After the installation, we will verify it by querying its version, by submitting command line :
$ tesseract --version
The output will as be shown belows :
ramansah@dev02:~$ tesseract --version tesseract 5.3.4 leptonica-1.82.0 libgif 5.2.1 : libjpeg 8d (libjpeg-turbo 2.1.5) : libpng 1.6.43 : libtiff 4.5.1 : zlib 1.3 : libwebp 1.3.2 : libopenjp2 2.5.0 Found AVX2 Found AVX Found FMA Found SSE4.1 Found OpenMP 201511 Found libarchive 3.7.2 zlib/1.3 liblzma/5.4.5 bz2lib/1.0.8 liblz4/1.9.4 libzstd/1.5.5 Found libcurl/8.5.0 OpenSSL/3.0.13 zlib/1.3 brotli/1.1.0 zstd/1.5.5 libidn2/2.3.7 libpsl/0.21.2 (+libidn2/2.3.7) libssh/0.10.6/openssl/zlib nghttp2/1.59.0 librtmp/2.3 OpenLDAP/2.6.7 ramansah@dev02:~$
2. Convert Images to Text
To convert the images to text we just use a simplec command belows.
$ tesseract image.jpg output.txt
Replace `image.jpg` with your image file and `output.txt` with your desired output file name.
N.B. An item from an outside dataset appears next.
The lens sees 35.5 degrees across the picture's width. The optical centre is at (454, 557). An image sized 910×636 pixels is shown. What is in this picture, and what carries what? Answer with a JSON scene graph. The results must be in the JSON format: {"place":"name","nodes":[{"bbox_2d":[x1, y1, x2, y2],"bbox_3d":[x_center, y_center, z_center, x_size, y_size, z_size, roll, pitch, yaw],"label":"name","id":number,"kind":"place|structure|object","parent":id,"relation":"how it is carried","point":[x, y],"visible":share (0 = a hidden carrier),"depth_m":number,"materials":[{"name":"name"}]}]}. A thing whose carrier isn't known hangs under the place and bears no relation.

This will extract the text from the image and save it in `output.txt`.
The sample is as shown :
ramansah@dev02:~/Downloads$ ls -ltr total 76 -rw-rw-r-- 1 ramansah ramansah 8102 Nov 14 14:21 football.jpeg -rw-rw-r-- 1 ramansah ramansah 0 Nov 14 14:35 ocr_text.txt -rw-rw-r-- 1 ramansah ramansah 67411 Nov 14 14:48 sbux_sample.jpg ramansah@dev02:~/Downloads$ pwd /home/ramansah/Downloads ramansah@dev02:~/Downloads$ tesseract /home/ramansah/Downloads/sbux_sample.jpg /home/ramansah/ocr_text
3. Specify Language (Optional)
If the image text is in a specific language, add the `-l`
option:
$ tesseract image.jpg output.txt -l eng
4. View Output
Check the `output.txt` file for the extracted text.
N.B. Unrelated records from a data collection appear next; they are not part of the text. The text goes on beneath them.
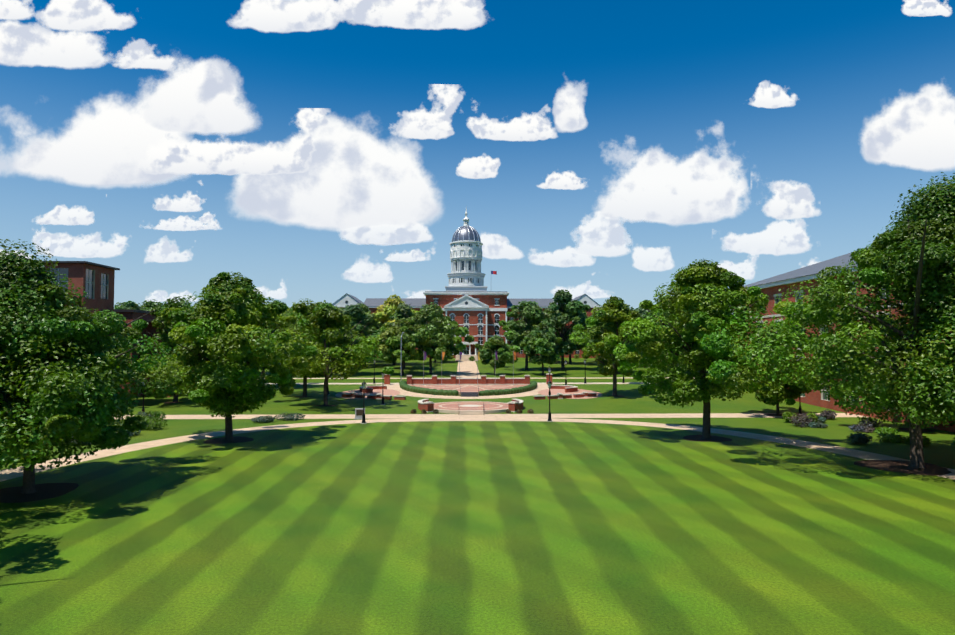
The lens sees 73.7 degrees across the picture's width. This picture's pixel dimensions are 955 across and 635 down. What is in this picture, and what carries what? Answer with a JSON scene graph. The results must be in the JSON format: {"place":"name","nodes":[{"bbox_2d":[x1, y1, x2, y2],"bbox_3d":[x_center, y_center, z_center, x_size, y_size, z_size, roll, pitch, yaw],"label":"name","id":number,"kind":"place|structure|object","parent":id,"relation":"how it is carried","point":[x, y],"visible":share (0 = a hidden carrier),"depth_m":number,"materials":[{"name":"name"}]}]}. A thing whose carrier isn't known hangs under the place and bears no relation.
{"place":"outdoors","nodes":[
{"label":"outdoors","id":0,"kind":"place"},
{"bbox_2d":[0,249,32,259],"bbox_3d":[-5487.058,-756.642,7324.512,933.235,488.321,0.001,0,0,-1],"label":"cloud","id":1,"kind":"structure","parent":0,"point":[17,253],"depth_m":7329.59,"materials":[{"name":"white"}]},
{"bbox_2d":[0,0,33,19],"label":"cloud","id":2,"kind":"structure","parent":0,"point":[14,9],"depth_m":3969.27,"materials":[{"name":"white"}]},
{"bbox_2d":[35,205,94,224],"bbox_3d":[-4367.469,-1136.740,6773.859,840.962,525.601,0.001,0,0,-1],"label":"cloud","id":3,"kind":"structure","parent":0,"point":[61,215],"depth_m":6773.98,"materials":[{"name":"white"}]},
{"bbox_2d":[0,3,134,68],"bbox_3d":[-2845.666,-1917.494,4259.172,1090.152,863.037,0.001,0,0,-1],"label":"cloud","id":4,"kind":"structure","parent":0,"point":[30,45],"depth_m":4258.30,"materials":[{"name":"white"}]},
{"bbox_2d":[15,0,134,30],"bbox_3d":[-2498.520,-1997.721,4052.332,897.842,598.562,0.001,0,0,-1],"label":"cloud","id":5,"kind":"structure","parent":0,"point":[88,15],"depth_m":4051.89,"materials":[{"name":"white"}]},
{"bbox_2d":[32,229,126,257],"bbox_3d":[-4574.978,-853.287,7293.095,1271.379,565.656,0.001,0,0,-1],"label":"cloud","id":6,"kind":"structure","parent":0,"point":[68,245],"depth_m":7292.93,"materials":[{"name":"white"}]},
{"bbox_2d":[0,57,230,189],"bbox_3d":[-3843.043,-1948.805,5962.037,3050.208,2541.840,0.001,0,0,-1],"label":"cloud","id":7,"kind":"structure","parent":0,"point":[106,142],"depth_m":5969.12,"materials":[{"name":"white"}]},
{"bbox_2d":[98,24,173,69],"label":"cloud","id":8,"kind":"structure","parent":0,"point":[137,54],"depth_m":4310.54,"materials":[{"name":"white"}]},
{"bbox_2d":[145,238,192,262],"bbox_3d":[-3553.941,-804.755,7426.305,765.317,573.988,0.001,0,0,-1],"label":"cloud","id":9,"kind":"structure","parent":0,"point":[163,250],"depth_m":7424.31,"materials":[{"name":"white"}]},
{"bbox_2d":[145,290,197,302],"bbox_3d":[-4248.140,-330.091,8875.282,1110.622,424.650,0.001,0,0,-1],"label":"cloud","id":10,"kind":"structure","parent":0,"point":[159,296],"depth_m":8872.59,"materials":[{"name":"white"}]},
{"bbox_2d":[152,182,204,211],"bbox_3d":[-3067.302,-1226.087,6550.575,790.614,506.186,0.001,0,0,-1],"label":"cloud","id":11,"kind":"structure","parent":0,"point":[190,203],"depth_m":6551.09,"materials":[{"name":"white"}]},
{"bbox_2d":[140,205,220,230],"bbox_3d":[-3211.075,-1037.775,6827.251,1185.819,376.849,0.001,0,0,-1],"label":"cloud","id":12,"kind":"structure","parent":0,"point":[182,223],"depth_m":6829.88,"materials":[{"name":"white"}]},
{"bbox_2d":[101,4,265,134],"bbox_3d":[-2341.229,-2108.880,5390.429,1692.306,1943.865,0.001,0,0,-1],"label":"cloud","id":13,"kind":"structure","parent":0,"point":[201,97],"depth_m":5390.14,"materials":[{"name":"white"}]},
{"bbox_2d":[139,107,328,175],"bbox_3d":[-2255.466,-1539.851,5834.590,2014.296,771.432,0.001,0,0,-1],"label":"cloud","id":14,"kind":"structure","parent":0,"point":[170,154],"depth_m":5835.48,"materials":[{"name":"white"}]},
{"bbox_2d":[253,280,286,298],"bbox_3d":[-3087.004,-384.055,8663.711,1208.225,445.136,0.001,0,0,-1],"label":"cloud","id":15,"kind":"structure","parent":0,"point":[279,293],"depth_m":8671.66,"materials":[{"name":"white"}]},
{"bbox_2d":[228,0,344,32],"bbox_3d":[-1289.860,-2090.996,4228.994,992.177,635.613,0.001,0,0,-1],"label":"cloud","id":16,"kind":"structure","parent":0,"point":[282,16],"depth_m":4229.65,"materials":[{"name":"white"}]},
{"bbox_2d":[234,116,439,229],"bbox_3d":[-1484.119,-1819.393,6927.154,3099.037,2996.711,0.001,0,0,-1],"label":"cloud","id":17,"kind":"structure","parent":0,"point":[351,176],"depth_m":6928.28,"materials":[{"name":"white"}]},
{"bbox_2d":[343,258,393,282],"bbox_3d":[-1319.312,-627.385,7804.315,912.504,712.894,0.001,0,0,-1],"label":"cloud","id":18,"kind":"structure","parent":0,"point":[363,271],"depth_m":7803.92,"materials":[{"name":"white"}]},
{"bbox_2d":[339,224,433,245],"bbox_3d":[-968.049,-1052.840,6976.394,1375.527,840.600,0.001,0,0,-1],"label":"cloud","id":19,"kind":"structure","parent":0,"point":[385,234],"depth_m":6975.97,"materials":[{"name":"white"}]},
{"bbox_2d":[368,244,434,261],"bbox_3d":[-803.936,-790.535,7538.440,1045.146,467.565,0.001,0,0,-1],"label":"cloud","id":20,"kind":"structure","parent":0,"point":[414,255],"depth_m":7538.41,"materials":[{"name":"white"}]},
{"bbox_2d":[327,0,484,29],"bbox_3d":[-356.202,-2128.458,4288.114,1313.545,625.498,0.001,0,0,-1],"label":"cloud","id":21,"kind":"structure","parent":0,"point":[434,14],"depth_m":4286.66,"materials":[{"name":"white"}]},
{"bbox_2d":[406,290,429,297],"bbox_3d":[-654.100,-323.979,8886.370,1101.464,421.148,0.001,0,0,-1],"label":"cloud","id":22,"kind":"structure","parent":0,"point":[419,294],"depth_m":8882.37,"materials":[{"name":"white"}]},
{"bbox_2d":[391,84,463,139],"bbox_3d":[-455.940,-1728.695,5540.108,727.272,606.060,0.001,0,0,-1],"label":"cloud","id":23,"kind":"structure","parent":0,"point":[424,124],"depth_m":5542.04,"materials":[{"name":"white"}]},
{"bbox_2d":[0,421,954,634],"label":"lawn","id":24,"kind":"structure","parent":0,"point":[479,528],"depth_m":29.41,"materials":[{"name":"green plant"}]},
{"bbox_2d":[0,356,954,470],"bbox_3d":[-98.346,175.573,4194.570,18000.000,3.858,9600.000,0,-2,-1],"label":"ground","id":25,"kind":"structure","parent":0,"point":[939,451],"depth_m":86.52,"materials":[{"name":"green plant"}]},
{"bbox_2d":[0,363,37,411],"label":"tree","id":26,"kind":"object","parent":25,"relation":"on","point":[9,383],"depth_m":63.20,"materials":[{"name":"green plant"}]},
{"bbox_2d":[0,239,181,493],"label":"lawn tree","id":27,"kind":"object","parent":25,"relation":"on","point":[67,394],"visible":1,"depth_m":37.15,"materials":[{"name":"green plant"}]},
{"bbox_2d":[3,261,187,417],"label":"building","id":28,"kind":"structure","parent":25,"relation":"on","point":[95,281],"depth_m":87.93,"materials":[{"name":"brick"}]},
{"bbox_2d":[114,301,142,309],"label":"tree","id":29,"kind":"object","parent":25,"relation":"on","point":[130,305],"visible":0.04,"depth_m":178.09,"materials":[{"name":"green plant"}]},
{"bbox_2d":[142,379,145,411],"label":"lamp post","id":30,"kind":"object","parent":25,"relation":"on","point":[143,409],"visible":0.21,"depth_m":77.53,"materials":[{"name":"black metal"}]},
{"bbox_2d":[140,299,161,310],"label":"tree","id":31,"kind":"object","parent":25,"relation":"on","point":[149,305],"visible":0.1,"depth_m":156.22,"materials":[{"name":"green plant"}]},
{"bbox_2d":[110,296,220,401],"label":"tree","id":32,"kind":"object","parent":25,"relation":"on","point":[167,326],"visible":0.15,"depth_m":90.33,"materials":[{"name":"green plant"}]},
{"bbox_2d":[152,271,317,440],"bbox_3d":[-23.202,3.709,59.260,14.782,16.073,16.738,0,-2,-1],"label":"lawn tree","id":33,"kind":"object","parent":25,"relation":"on","point":[225,312],"visible":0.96,"depth_m":56.35,"materials":[{"name":"green plant"}]},
{"bbox_2d":[243,313,286,386],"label":"tree","id":34,"kind":"object","parent":25,"relation":"on","point":[263,371],"visible":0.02,"depth_m":113.54,"materials":[{"name":"green plant"}]},
{"bbox_2d":[260,299,355,396],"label":"tree","id":35,"kind":"object","parent":25,"relation":"on","point":[302,310],"visible":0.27,"depth_m":99.08,"materials":[{"name":"green plant"}]},
{"bbox_2d":[274,303,393,405],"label":"tree","id":36,"kind":"object","parent":25,"relation":"on","point":[357,351],"visible":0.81,"depth_m":88.22,"materials":[{"name":"green plant"}]},
{"bbox_2d":[315,300,363,337],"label":"tree","id":37,"kind":"object","parent":25,"relation":"on","point":[327,303],"depth_m":167.88,"materials":[{"name":"green plant"}]},
{"bbox_2d":[326,304,383,368],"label":"tree","id":38,"kind":"object","parent":25,"relation":"on","point":[358,315],"visible":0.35,"depth_m":148.66,"materials":[{"name":"green plant"}]},
{"bbox_2d":[354,408,365,418],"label":"marker stone","id":39,"kind":"object","parent":25,"relation":"on","point":[358,413],"visible":0.83,"depth_m":75.49,"materials":[{"name":"stone"}]},
{"bbox_2d":[361,380,366,423],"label":"lamp post","id":40,"kind":"object","parent":25,"relation":"on","point":[363,415],"visible":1,"depth_m":71.39,"materials":[{"name":"black metal"}]},
{"bbox_2d":[354,303,381,335],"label":"tree","id":41,"kind":"object","parent":25,"relation":"on","point":[365,308],"visible":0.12,"depth_m":178.67,"materials":[{"name":"green plant"}]},
{"bbox_2d":[335,385,405,399],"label":"brick terrace","id":42,"kind":"structure","parent":25,"relation":"on","point":[373,392],"depth_m":103.23,"materials":[{"name":"brick"}]},
{"bbox_2d":[380,372,384,404],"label":"lamp post","id":43,"kind":"object","parent":25,"relation":"on","point":[383,375],"visible":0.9,"depth_m":90.14,"materials":[{"name":"black metal"}]},
{"bbox_2d":[373,294,420,364],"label":"tree","id":44,"kind":"object","parent":25,"relation":"on","point":[385,311],"visible":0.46,"depth_m":180.98,"materials":[{"name":"green plant"}]},
{"bbox_2d":[376,304,425,368],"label":"tree","id":45,"kind":"object","parent":25,"relation":"on","point":[403,312],"visible":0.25,"depth_m":166.03,"materials":[{"name":"green plant"}]},
{"bbox_2d":[375,319,435,374],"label":"tree","id":46,"kind":"object","parent":25,"relation":"on","point":[389,345],"visible":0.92,"depth_m":145.52,"materials":[{"name":"green plant"}]},
{"bbox_2d":[407,302,474,373],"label":"tree","id":47,"kind":"object","parent":25,"relation":"on","point":[439,334],"visible":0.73,"depth_m":147.71,"materials":[{"name":"green plant"}]},
{"bbox_2d":[333,208,600,357],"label":"domed building","id":48,"kind":"structure","parent":25,"relation":"on","point":[472,304],"depth_m":225.24,"materials":[{"name":"brick"}]},
{"bbox_2d":[399,380,537,395],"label":"hedge","id":49,"kind":"object","parent":25,"relation":"on","point":[403,384],"visible":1,"depth_m":103.85,"materials":[{"name":"green plant"}]},
{"bbox_2d":[418,399,523,414],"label":"brick steps","id":50,"kind":"structure","parent":25,"relation":"on","point":[472,407],"depth_m":83.78,"materials":[{"name":"brick"}]},
{"bbox_2d":[0,396,951,502],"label":"mulch beds","id":51,"kind":"object","parent":25,"relation":"on","point":[43,492],"visible":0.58,"depth_m":45.06,"materials":[{"name":"brown soil"}]},
{"bbox_2d":[0,413,954,481],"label":"paths","id":52,"kind":"structure","parent":25,"relation":"on","point":[7,474],"depth_m":72.35,"materials":[{"name":"concrete"}]},
{"bbox_2d":[264,373,697,398],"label":"plaza","id":53,"kind":"structure","parent":25,"relation":"on","point":[468,388],"depth_m":119.19,"materials":[{"name":"concrete"}]},
{"bbox_2d":[372,359,375,383],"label":"lamp post","id":54,"kind":"object","parent":53,"relation":"on","point":[374,372],"visible":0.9,"depth_m":121.75,"materials":[{"name":"black metal"}]},
{"bbox_2d":[400,332,403,380],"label":"street light","id":55,"kind":"object","parent":53,"relation":"on","point":[401,357],"visible":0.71,"depth_m":123.15,"materials":[{"name":"silver metal"}]},
{"bbox_2d":[423,351,515,384],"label":"flag poles","id":56,"kind":"object","parent":53,"relation":"on","point":[443,354],"visible":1,"depth_m":119.24,"materials":[{"name":"black metal"}]},
{"bbox_2d":[584,359,586,383],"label":"lamp post","id":57,"kind":"object","parent":53,"relation":"on","point":[585,360],"visible":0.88,"depth_m":122.50,"materials":[{"name":"black metal"}]},
{"bbox_2d":[15,354,954,459],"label":"bed shrub","id":58,"kind":"object","parent":25,"relation":"on","point":[814,421],"visible":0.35,"depth_m":67.09,"materials":[{"name":"green plant"}]},
{"bbox_2d":[469,336,520,374],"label":"tree","id":59,"kind":"object","parent":25,"relation":"on","point":[499,346],"visible":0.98,"depth_m":148.02,"materials":[{"name":"green plant"}]},
{"bbox_2d":[494,300,561,369],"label":"tree","id":60,"kind":"object","parent":25,"relation":"on","point":[518,330],"visible":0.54,"depth_m":162.57,"materials":[{"name":"green plant"}]},
{"bbox_2d":[520,323,564,375],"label":"tree","id":61,"kind":"object","parent":25,"relation":"on","point":[542,341],"visible":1,"depth_m":145.44,"materials":[{"name":"green plant"}]},
{"bbox_2d":[547,379,552,421],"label":"lamp post","id":62,"kind":"object","parent":25,"relation":"on","point":[549,382],"visible":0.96,"depth_m":73.17,"materials":[{"name":"black metal"}]},
{"bbox_2d":[521,290,596,369],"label":"tree","id":63,"kind":"object","parent":25,"relation":"on","point":[561,312],"visible":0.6,"depth_m":164.10,"materials":[{"name":"green plant"}]},
{"bbox_2d":[533,385,601,399],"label":"brick patio","id":64,"kind":"structure","parent":25,"relation":"on","point":[565,392],"depth_m":103.47,"materials":[{"name":"brick"}]},
{"bbox_2d":[555,310,587,363],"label":"tree","id":65,"kind":"object","parent":25,"relation":"on","point":[571,328],"visible":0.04,"depth_m":188.31,"materials":[{"name":"green plant"}]},
{"bbox_2d":[569,295,647,395],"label":"tree","id":66,"kind":"object","parent":25,"relation":"on","point":[612,312],"visible":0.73,"depth_m":100.93,"materials":[{"name":"green plant"}]},
{"bbox_2d":[587,298,646,336],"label":"tree","id":67,"kind":"object","parent":25,"relation":"on","point":[632,308],"visible":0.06,"depth_m":174.79,"materials":[{"name":"green plant"}]},
{"bbox_2d":[582,303,661,373],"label":"tree","id":68,"kind":"object","parent":25,"relation":"on","point":[595,325],"visible":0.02,"depth_m":149.91,"materials":[{"name":"green plant"}]},
{"bbox_2d":[634,306,661,320],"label":"tree","id":69,"kind":"object","parent":25,"relation":"on","point":[640,310],"visible":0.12,"depth_m":202.75,"materials":[{"name":"green plant"}]},
{"bbox_2d":[618,311,695,381],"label":"tree","id":70,"kind":"object","parent":25,"relation":"on","point":[674,362],"visible":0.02,"depth_m":115.66,"materials":[{"name":"green plant"}]},
{"bbox_2d":[604,259,812,438],"bbox_3d":[22.118,3.080,60.093,17.990,17.417,14.366,-2,-3,39],"label":"lawn tree","id":71,"kind":"object","parent":25,"relation":"on","point":[704,295],"visible":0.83,"depth_m":58.77,"materials":[{"name":"green plant"}]},
{"bbox_2d":[739,356,820,414],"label":"tree","id":72,"kind":"object","parent":25,"relation":"on","point":[774,395],"visible":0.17,"depth_m":77.89,"materials":[{"name":"green plant"}]},
{"bbox_2d":[797,397,803,415],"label":"lamp post","id":73,"kind":"object","parent":25,"relation":"on","point":[800,410],"visible":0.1,"depth_m":79.36,"materials":[{"name":"black metal"}]},
{"bbox_2d":[700,172,954,467],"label":"lawn tree","id":74,"kind":"object","parent":25,"relation":"on","point":[911,256],"visible":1,"depth_m":45.64,"materials":[{"name":"green plant"}]},
{"bbox_2d":[733,247,954,432],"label":"building","id":75,"kind":"structure","parent":25,"relation":"on","point":[771,286],"depth_m":93.05,"materials":[{"name":"brick"}]},
{"bbox_2d":[831,326,953,412],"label":"tree","id":76,"kind":"object","parent":25,"relation":"on","point":[897,346],"visible":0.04,"depth_m":65.92,"materials":[{"name":"green plant"}]},
{"bbox_2d":[0,0,954,313],"label":"sky","id":77,"kind":"structure","parent":0,"point":[662,75],"materials":[{"name":"blue"}]},
{"bbox_2d":[456,138,499,178],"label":"cloud","id":78,"kind":"structure","parent":0,"point":[480,167],"depth_m":6739.49,"materials":[{"name":"white"}]},
{"bbox_2d":[293,355,669,382],"bbox_3d":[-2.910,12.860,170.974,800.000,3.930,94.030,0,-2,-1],"label":"walkway","id":79,"kind":"structure","parent":0,"point":[468,368],"depth_m":152.76,"materials":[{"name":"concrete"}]},
{"bbox_2d":[480,234,522,258],"bbox_3d":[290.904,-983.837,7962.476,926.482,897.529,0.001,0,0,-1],"label":"cloud","id":80,"kind":"structure","parent":0,"point":[495,246],"depth_m":7961.51,"materials":[{"name":"white"}]},
{"bbox_2d":[457,105,578,140],"bbox_3d":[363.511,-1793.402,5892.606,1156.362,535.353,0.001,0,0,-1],"label":"cloud","id":81,"kind":"structure","parent":0,"point":[532,127],"depth_m":5892.55,"materials":[{"name":"white"}]},
{"bbox_2d":[537,172,584,189],"bbox_3d":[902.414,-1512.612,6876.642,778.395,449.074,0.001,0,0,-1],"label":"cloud","id":82,"kind":"structure","parent":0,"point":[566,180],"depth_m":6877.27,"materials":[{"name":"white"}]},
{"bbox_2d":[529,246,595,266],"bbox_3d":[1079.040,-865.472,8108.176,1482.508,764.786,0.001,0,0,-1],"label":"cloud","id":83,"kind":"structure","parent":0,"point":[567,257],"depth_m":8108.56,"materials":[{"name":"white"}]},
{"bbox_2d":[553,83,586,131],"bbox_3d":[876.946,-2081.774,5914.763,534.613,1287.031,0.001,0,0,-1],"label":"cloud","id":84,"kind":"structure","parent":0,"point":[568,99],"depth_m":5914.24,"materials":[{"name":"white"}]},
{"bbox_2d":[551,273,610,298],"bbox_3d":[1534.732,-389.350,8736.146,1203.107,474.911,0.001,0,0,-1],"label":"cloud","id":85,"kind":"structure","parent":0,"point":[593,292],"depth_m":8735.22,"materials":[{"name":"white"}]},
{"bbox_2d":[573,211,649,256],"bbox_3d":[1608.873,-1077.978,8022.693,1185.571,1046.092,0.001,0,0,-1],"label":"cloud","id":86,"kind":"structure","parent":0,"point":[600,233],"depth_m":8021.89,"materials":[{"name":"white"}]},
{"bbox_2d":[632,247,673,270],"bbox_3d":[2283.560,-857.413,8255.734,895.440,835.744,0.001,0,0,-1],"label":"cloud","id":87,"kind":"structure","parent":0,"point":[653,259],"depth_m":8255.39,"materials":[{"name":"white"}]},
{"bbox_2d":[599,126,747,224],"bbox_3d":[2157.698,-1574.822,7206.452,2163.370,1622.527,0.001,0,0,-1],"label":"cloud","id":88,"kind":"structure","parent":0,"point":[654,185],"depth_m":7208.18,"materials":[{"name":"white"}]},
{"bbox_2d":[717,254,758,279],"bbox_3d":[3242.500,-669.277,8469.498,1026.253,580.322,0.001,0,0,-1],"label":"cloud","id":89,"kind":"structure","parent":0,"point":[745,270],"depth_m":8476.58,"materials":[{"name":"white"}]},
{"bbox_2d":[722,218,810,255],"bbox_3d":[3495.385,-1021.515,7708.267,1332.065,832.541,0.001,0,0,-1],"label":"cloud","id":90,"kind":"structure","parent":0,"point":[782,237],"depth_m":7710.67,"materials":[{"name":"white"}]},
{"bbox_2d":[750,81,795,107],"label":"cloud","id":91,"kind":"structure","parent":0,"point":[766,95],"depth_m":5635.53,"materials":[{"name":"white"}]},
{"bbox_2d":[751,174,819,218],"bbox_3d":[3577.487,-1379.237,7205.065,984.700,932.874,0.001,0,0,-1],"label":"cloud","id":92,"kind":"structure","parent":0,"point":[789,200],"depth_m":7204.22,"materials":[{"name":"white"}]},
{"bbox_2d":[803,260,818,266],"bbox_3d":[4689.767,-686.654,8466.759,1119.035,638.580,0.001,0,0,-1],"label":"cloud","id":93,"kind":"structure","parent":0,"point":[812,262],"depth_m":8461.13,"materials":[{"name":"white"}]},
{"bbox_2d":[861,85,954,170],"bbox_3d":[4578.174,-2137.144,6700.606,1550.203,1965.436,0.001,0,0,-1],"label":"cloud","id":94,"kind":"structure","parent":0,"point":[917,131],"depth_m":6701.62,"materials":[{"name":"white"}]},
{"bbox_2d":[902,0,951,16],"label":"cloud","id":95,"kind":"structure","parent":0,"point":[920,8],"depth_m":5084.46,"materials":[{"name":"white"}]}
]}

The sample will be as shown belows :
1.Original source file
In this sample we will use a Starbucks Coffee Payment Receipt, to be converted to text file.
2. Converted file
As we can see from the screen shot above, if the image file was converted into the text as well. This tools is very useful for automation applications which is used to scan huge images file into text format.
Conclusion
On this short article we have shown you the Tesseract installation on Ubuntu 24.04 LTS operating system and also take a simple task for converting image file format into text file format.